Parallel lines are coplanar lines that never intersect. We see parallel lines every day, whether they're power lines strung overhead or underfoot like a crosswalk. Here is an example of parallel lines on a graph:

## Distance between two parallel lines

The shortest distance between parallel lines is the distance between two points, one on each line, that forms a perpendicular line to the parallel lines. Perpendicular lines fall at 90 degrees or a right angle. You can draw perpendicular lines between many points, and they will all have the same distance between the parallel lines.

## Calculating the distance between parallel lines (standard form)

Let's say you want to find the distance between the parallel lines $6x+8y=6$ and $6x+8y=26$ .

These equations are written in the standard form of a linear equation, which is ax+by=c.

For both equations, $a=6$ and $b=8$ . Since each c is different, we'll say that ${c}_{1}$ is the

constant for line 1 and ${c}_{2}$ is the constant for line 2.

${c}_{1}=6$ and ${c}_{2}=26$

The distance formula is:

$d=\frac{|{c}_{2}-{c}_{1}|}{\sqrt{{a}^{2}+{b}^{2}}}$

Let's substitute the numbers.

$d=\frac{|26-6|}{\sqrt{{6}^{2}+{8}^{2}}}$

Simplify the numerator.

$d=\frac{|20|}{\sqrt{{6}^{2}+{8}^{2}}}$

Simplify the denominator.

$d=\frac{|20|}{\sqrt{36+64}}=\frac{20}{10}$

$d=\frac{20}{10}=\frac{2}{1}=2$

The distance between the two parallel lines is 2.

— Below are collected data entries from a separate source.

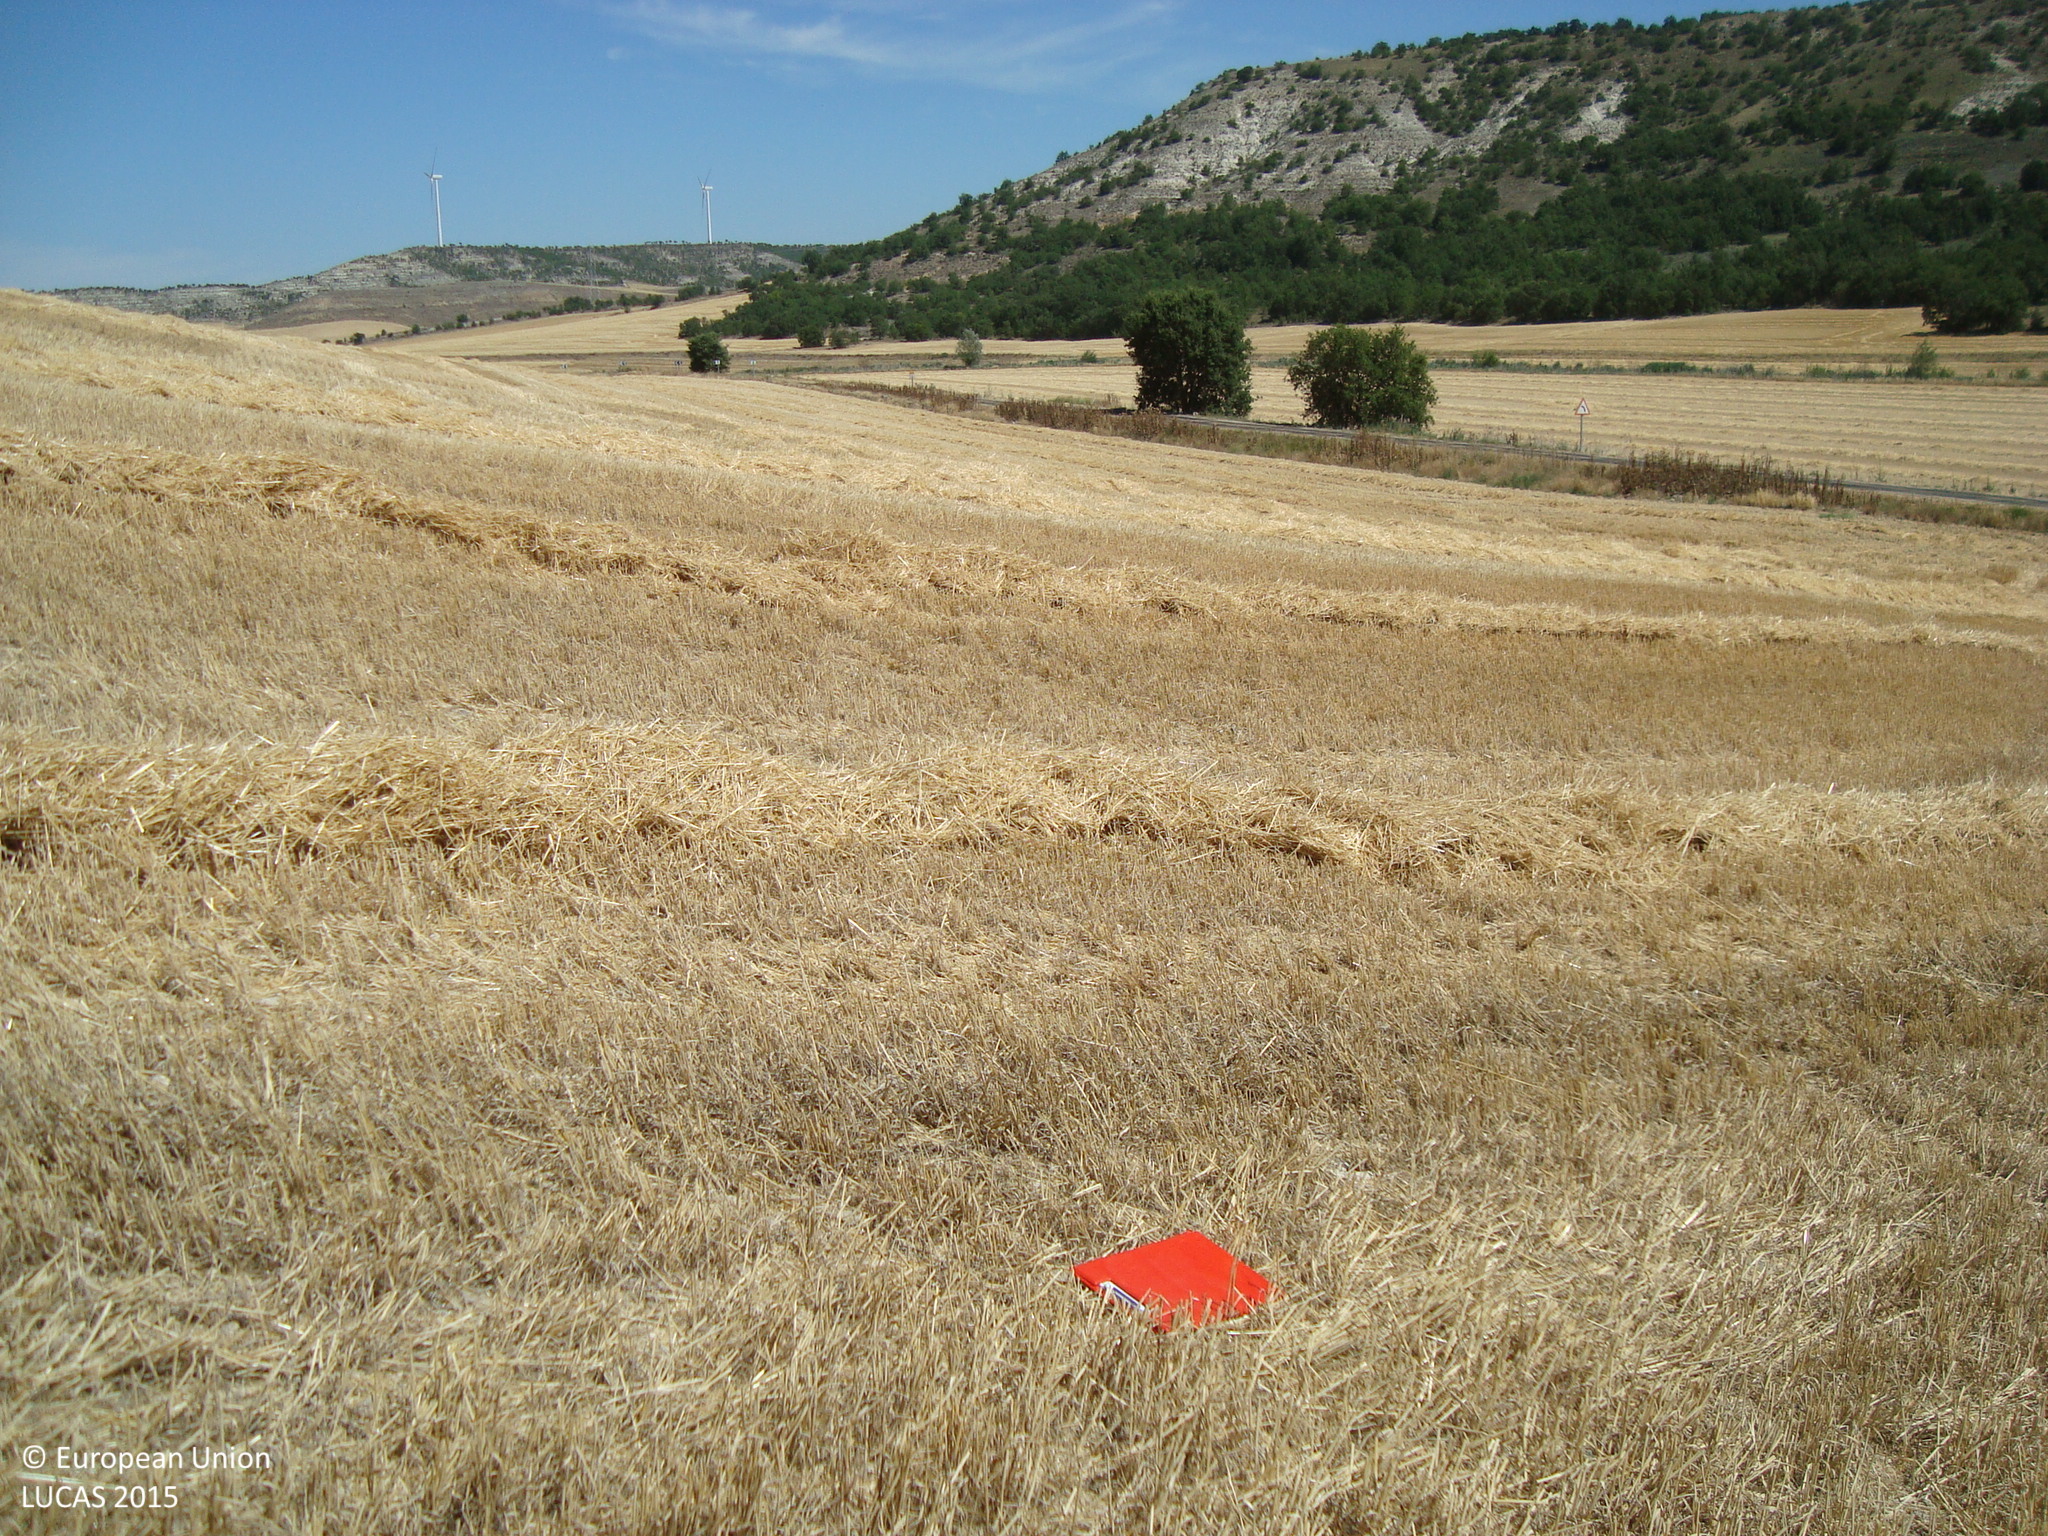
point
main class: Cropland
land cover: Common wheat
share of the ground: > 75 %
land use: Agriculture (excluding fallow land and kitchen gardens)
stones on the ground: 10 - 25 %
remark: Harvested field
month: July
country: ES
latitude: 42.0099
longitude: -4.2287
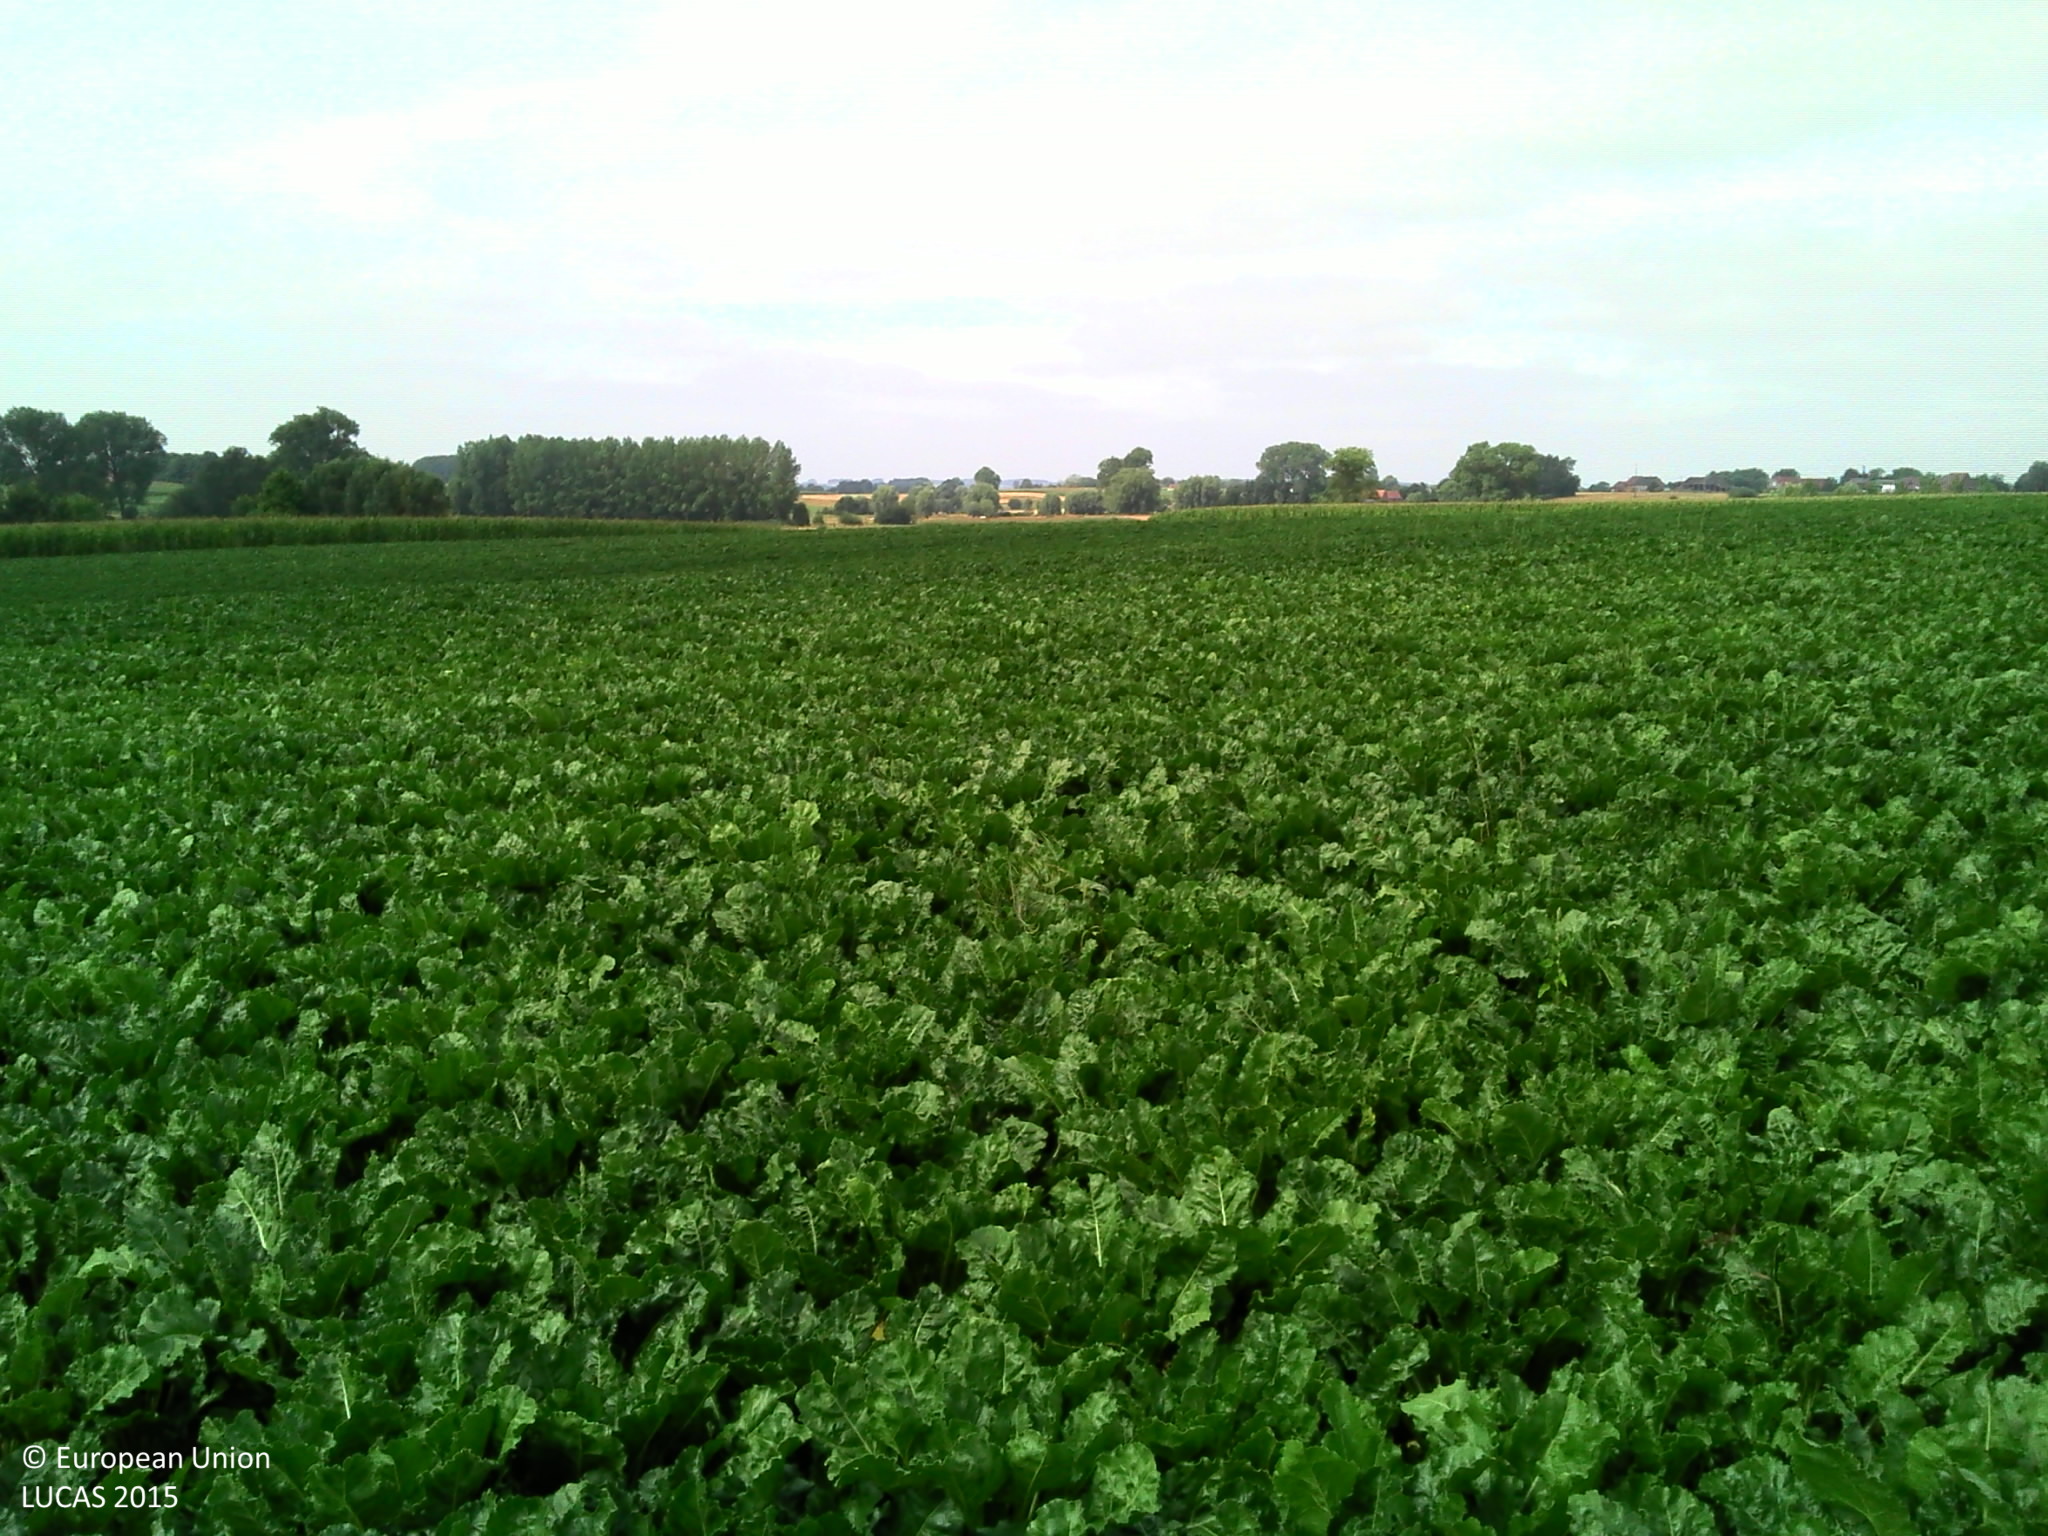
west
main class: Cropland
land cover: Sugar beet
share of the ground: > 75 %
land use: Agriculture (excluding fallow land and kitchen gardens)
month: August
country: BE
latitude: 50.7012
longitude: 3.8061
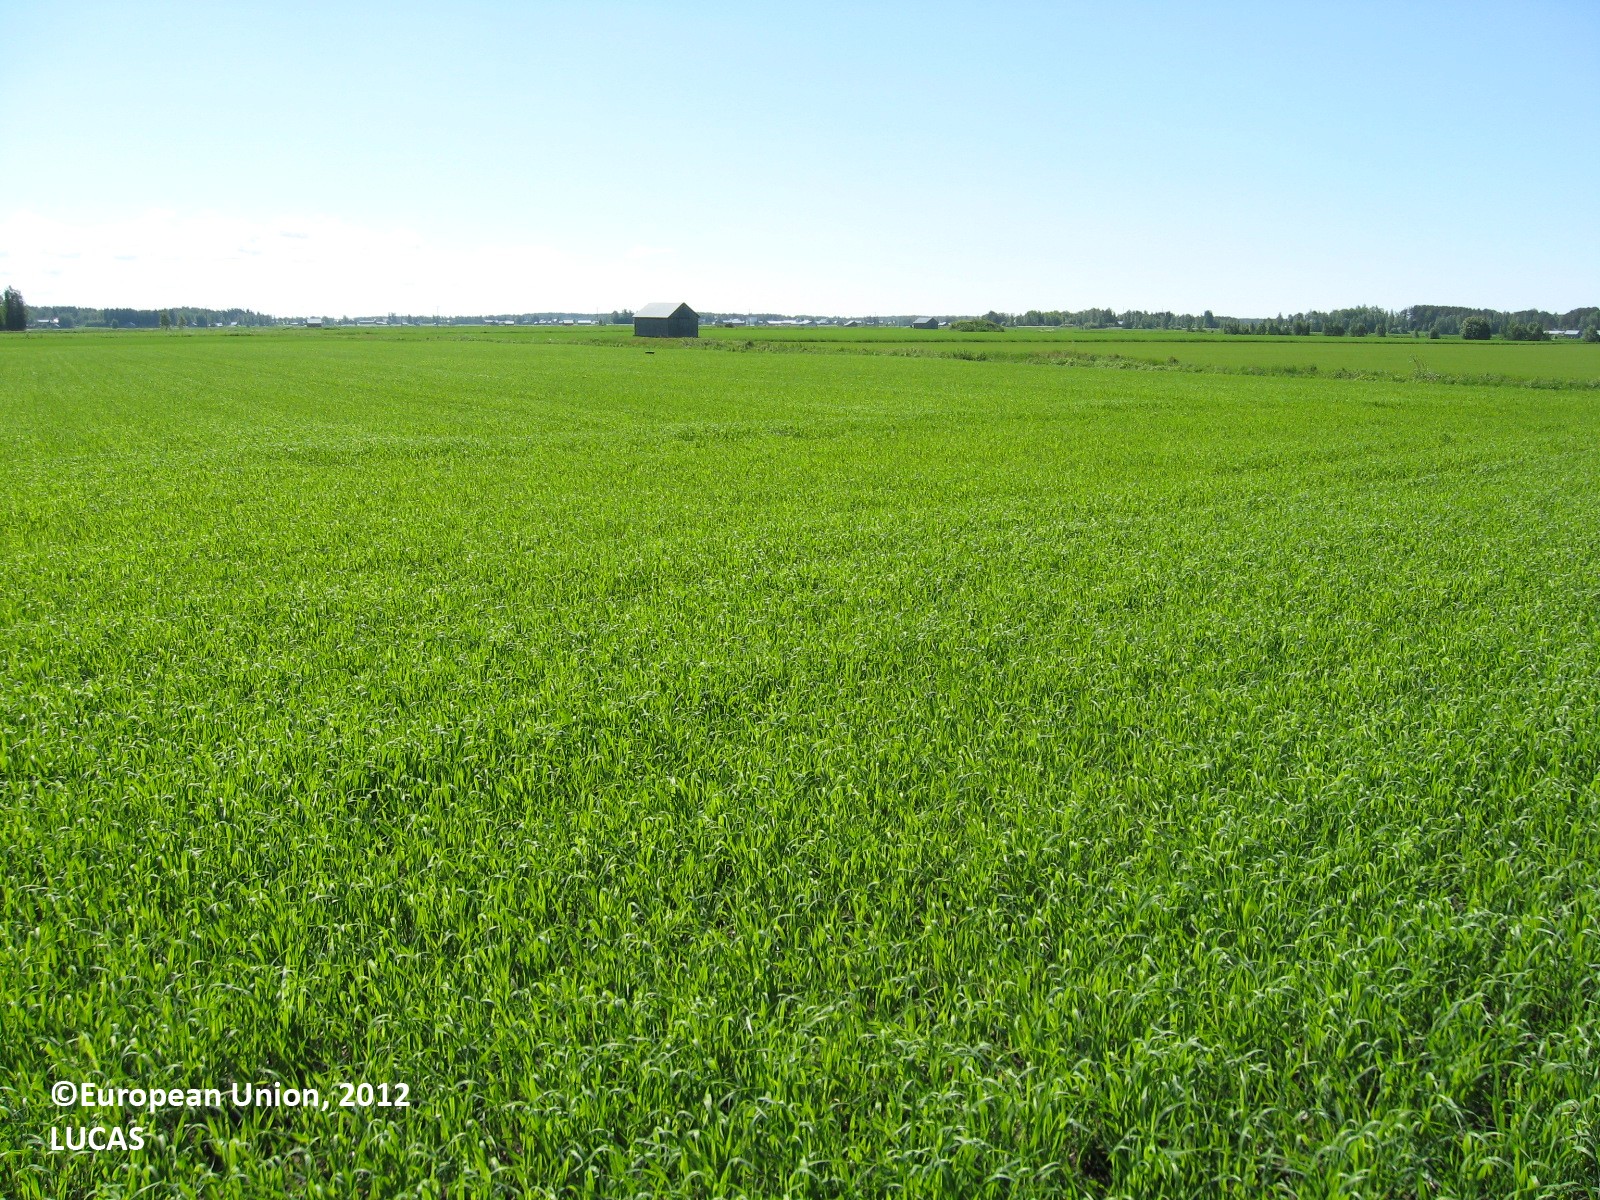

## Practice questions on the distance between parallel lines

a. True or false: The shortest distance between two parallel lines is any two points between them that form a perpendicular line.

b. True or false: Parallel lines intersect.

c. True or false: ax+by=c is written in the standard form of a linear equation.

d. Find the distance between the following parallel lines: $3x+4y=6$ and $3x+4y=21$ where $a=3$ , $b=4$ , ${c}_{1}=6$ , and ${c}_{2}=21$ .

e. Find the distance between the following parallel lines: $5x+12y=10$ and $5x+12y=36$ where $a=5$ , $b=12$ , ${c}_{1}=10$ , and ${c}_{2}=36$ .